**Exercise prompt:** Please restate word for word the lines from the top of the entries through the line that contains "#3929=DIRECTION('',(-1.0,0.0,0.0));", and do not include any pictures.

**Input records:**
↓

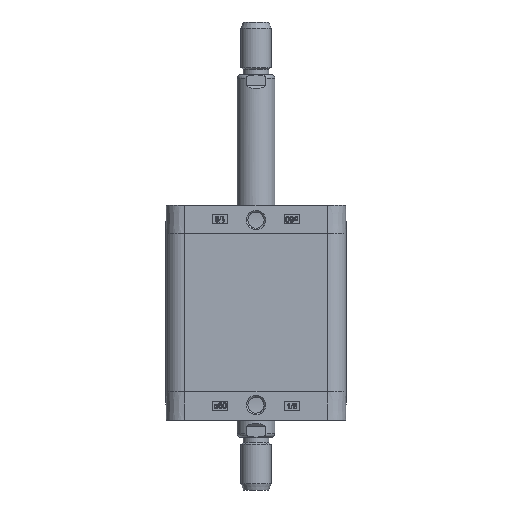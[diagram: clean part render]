
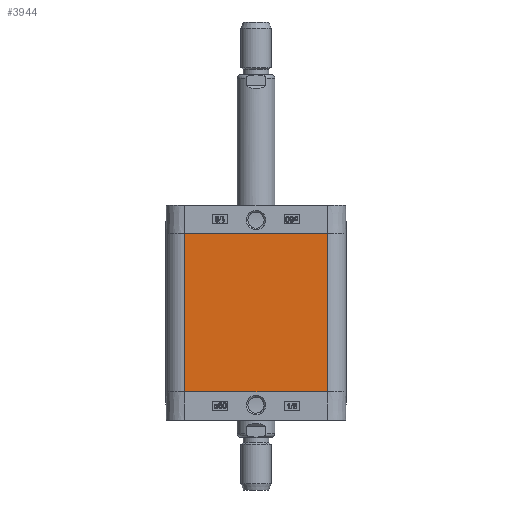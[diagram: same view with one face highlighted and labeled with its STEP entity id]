
A CAD part, left-side view. The second image highlights one B-rep face of the part: STEP entity #3944.
In plain terms, the highlighted planar face has unit normal (-1, 0, 0).
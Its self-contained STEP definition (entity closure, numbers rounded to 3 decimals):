
#978=CARTESIAN_POINT('',(-47.75,-37.75,0.0));
#979=VERTEX_POINT('',#978);
#987=CARTESIAN_POINT('',(-47.75,37.75,0.0));
#988=VERTEX_POINT('',#987);
#989=CARTESIAN_POINT('',(-47.75,-37.75,0.0));
#990=DIRECTION('',(0.0,1.0,0.0));
#991=VECTOR('',#990,75.5);
#992=LINE('',#989,#991);
#993=EDGE_CURVE('',#979,#988,#992,.T.);
#1318=CARTESIAN_POINT('',(-47.75,37.75,84.0));
#1319=VERTEX_POINT('',#1318);
#1327=CARTESIAN_POINT('',(-47.75,-37.75,84.0));
#1328=VERTEX_POINT('',#1327);
#1329=CARTESIAN_POINT('',(-47.75,-37.75,84.0));
#1330=DIRECTION('',(0.0,1.0,0.0));
#1331=VECTOR('',#1330,75.5);
#1332=LINE('',#1329,#1331);
#1333=EDGE_CURVE('',#1328,#1319,#1332,.T.);
#3917=CARTESIAN_POINT('',(-47.75,-37.75,0.0));
#3918=DIRECTION('',(0.0,0.0,1.0));
#3919=VECTOR('',#3918,84.0);
#3920=LINE('',#3917,#3919);
#3921=EDGE_CURVE('',#979,#1328,#3920,.T.);
#3928=CARTESIAN_POINT('',(-47.75,-37.75,0.0));
#3929=DIRECTION('',(-1.0,0.0,0.0));
#3930=DIRECTION('',(0.0,0.0,1.0));
#3931=AXIS2_PLACEMENT_3D('',#3928,#3929,#3930);
#3932=PLANE('',#3931);
#3933=ORIENTED_EDGE('',*,*,#1333,.T.);
#3934=CARTESIAN_POINT('',(-47.75,37.75,0.0));
#3935=DIRECTION('',(0.0,0.0,1.0));
#3936=VECTOR('',#3935,84.0);
#3937=LINE('',#3934,#3936);
#3938=EDGE_CURVE('',#988,#1319,#3937,.T.);
#3939=ORIENTED_EDGE('',*,*,#3938,.F.);
#3940=ORIENTED_EDGE('',*,*,#993,.F.);
#3941=ORIENTED_EDGE('',*,*,#3921,.T.);
#3942=EDGE_LOOP('',(#3933,#3939,#3940,#3941));
#3943=FACE_OUTER_BOUND('',#3942,.T.);
#3944=ADVANCED_FACE('',(#3943),#3932,.T.);
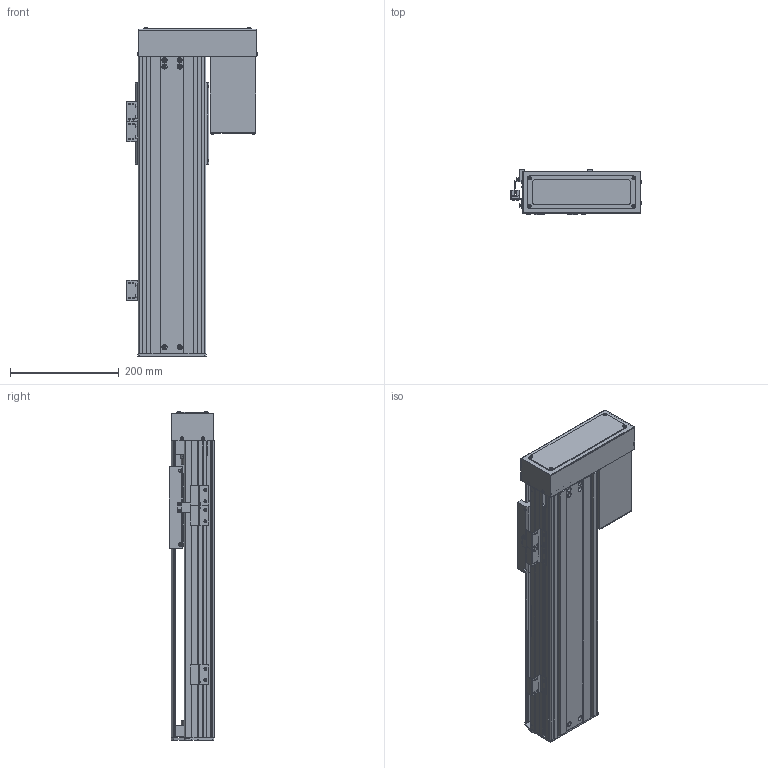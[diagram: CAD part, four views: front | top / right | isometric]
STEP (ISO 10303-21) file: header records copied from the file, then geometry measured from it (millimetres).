
FILE_DESCRIPTION (( 'STEP AP203' ), '1' );
FILE_NAME ('HR120-XX1-PR-300-XX-SL-OF.STEP', '2020-07-31T00:14:09', ( '彌營遵' ), ( '' ), 'SwSTEP 2.0', 'SolidWorks 2013', '' );
FILE_SCHEMA (( 'CONFIG_CONTROL_DESIGN' ));
Length unit declared in the file: millimetre
Products named in the file (32): HR120MOTOR COVER C(X,Y); HR120(弥辆)肯己cover125(函版馆措率)_钎霖; socket head cap screw_ks_KS 1003 - M4 x 10 x 10-N; EE-SX-674_ル遽; HR120MOTOR COVER(X,Y); HRballnut; hg-kr23_; socket head cap screw_ks_KS 1003 - M3 x 10 x 10-N; HR120諫撩煽溺唯衛璽(X,Y); HRbearing cap; HR120-XX1-PR-300-XX-SL-OF; socket head cap screw_ks_KS 1003 - M3 x 5 x 5-N; pan cross head_ks_KS 1023 PC- M3 x 5-N; HRdamper; SENSOR_1(1); FRONT PLATE ASSY(PR); HR120諫撩煽溺BH(X,Y)_ル遽; HR120 X,Y BASE P-300_1; SENSOR_1(2); HR120(譆謙)諫撩UPPER COVER(P)-300 - X蹴; LM RAIL(SR15W) - X蹴; HR120(譆謙)諫撩15-block_ル遽; SNESOR DOG 120; 渠蘆 犒餌LM RAIL(SR15W) - X蹴; HR120諫撩FRONT PLATE COVER(L)(X,Y); HR120(譆謙)諫撩BH雖雖_ル遽; spring lock washer_ks_KS 1324 - M3; 措莫 汗荤HR120(弥辆)肯己15-block_钎霖; HR120FRONT PLATE(L)(X,Y); HR120(譆謙)諫撩CARRIER_ル遽; SENSOR DOG(ASSY); HR奢辨 SENSOR BRK
Assembly tree (64 placements, depth 3):
  HR120-XX1-PR-300-XX-SL-OF
    HR120 X,Y BASE P-300_1
    HR120(譆謙)諫撩15-block_ル遽  x2
    HR120(譆謙)諫撩BH雖雖_ル遽
    HR120(譆謙)諫撩CARRIER_ル遽
    HR120(弥辆)肯己cover125(函版馆措率)_钎霖
    HRballnut
    HRbearing cap
    HRdamper  x2
    HR120諫撩煽溺BH(X,Y)_ル遽
    LM RAIL(SR15W) - X蹴
    FRONT PLATE ASSY(PR)
      HR120諫撩FRONT PLATE COVER(L)(X,Y)
      HR120FRONT PLATE(L)(X,Y)
      HR120MOTOR COVER C(X,Y)
      HR120MOTOR COVER(X,Y)
      HR120諫撩煽溺唯衛璽(X,Y)
      pan cross head_ks_KS 1023 PC- M3 x 5-N  x12
    HR120(譆謙)諫撩UPPER COVER(P)-300 - X蹴
    渠蘆 犒餌LM RAIL(SR15W) - X蹴
    措莫 汗荤HR120(弥辆)肯己15-block_钎霖  x2
    SENSOR_1(1)  x2
      HR奢辨 SENSOR BRK
      EE-SX-674_ル遽
      socket head cap screw_ks_KS 1003 - M3 x 10 x 10-N
      socket head cap screw_ks_KS 1003 - M3 x 5 x 5-N
    SENSOR_1(2)
      HR奢辨 SENSOR BRK
      EE-SX-674_ル遽
      socket head cap screw_ks_KS 1003 - M3 x 10 x 10-N  x2
      socket head cap screw_ks_KS 1003 - M3 x 5 x 5-N  x2
    SENSOR DOG(ASSY)
      SNESOR DOG 120
      socket head cap screw_ks_KS 1003 - M3 x 5 x 5-N  x2
      spring lock washer_ks_KS 1324 - M3  x2
    socket head cap screw_ks_KS 1003 - M4 x 10 x 10-N  x4
    pan cross head_ks_KS 1023 PC- M3 x 5-N  x4
    hg-kr23_
Bounding box: 242.45 x 83 x 607.15 mm (x, y, z)
Volume: 2806784.2 mm3; surface area: 1172827 mm2
Topology: 65 solids, 65 shells, 3616 faces, 9243 edges, 5819 vertices
Faces by surface type: plane 1853, cylinder 1151, cone 408, torus 172, sphere 32
Entity records: 72910 total; most frequent: CARTESIAN_POINT 13150, DIRECTION 11974, ORIENTED_EDGE 11258, EDGE_CURVE 5629, AXIS2_PLACEMENT_3D 4323, VERTEX_POINT 3691, LINE 3328, VECTOR 3328

↑

**Written solution:**
[diagram: clean part render]
[diagram: same view with one face highlighted and labeled with its STEP entity id]
A CAD part, left-side view. The second image highlights one B-rep face of the part: STEP entity #3944.
In plain terms, the highlighted planar face has unit normal (-1, 0, 0).
Its self-contained STEP definition (entity closure, numbers rounded to 3 decimals):
#978=CARTESIAN_POINT('',(-47.75,-37.75,0.0));
#979=VERTEX_POINT('',#978);
#987=CARTESIAN_POINT('',(-47.75,37.75,0.0));
#988=VERTEX_POINT('',#987);
#989=CARTESIAN_POINT('',(-47.75,-37.75,0.0));
#990=DIRECTION('',(0.0,1.0,0.0));
#991=VECTOR('',#990,75.5);
#992=LINE('',#989,#991);
#993=EDGE_CURVE('',#979,#988,#992,.T.);
#1318=CARTESIAN_POINT('',(-47.75,37.75,84.0));
#1319=VERTEX_POINT('',#1318);
#1327=CARTESIAN_POINT('',(-47.75,-37.75,84.0));
#1328=VERTEX_POINT('',#1327);
#1329=CARTESIAN_POINT('',(-47.75,-37.75,84.0));
#1330=DIRECTION('',(0.0,1.0,0.0));
#1331=VECTOR('',#1330,75.5);
#1332=LINE('',#1329,#1331);
#1333=EDGE_CURVE('',#1328,#1319,#1332,.T.);
#3917=CARTESIAN_POINT('',(-47.75,-37.75,0.0));
#3918=DIRECTION('',(0.0,0.0,1.0));
#3919=VECTOR('',#3918,84.0);
#3920=LINE('',#3917,#3919);
#3921=EDGE_CURVE('',#979,#1328,#3920,.T.);
#3928=CARTESIAN_POINT('',(-47.75,-37.75,0.0));
#3929=DIRECTION('',(-1.0,0.0,0.0));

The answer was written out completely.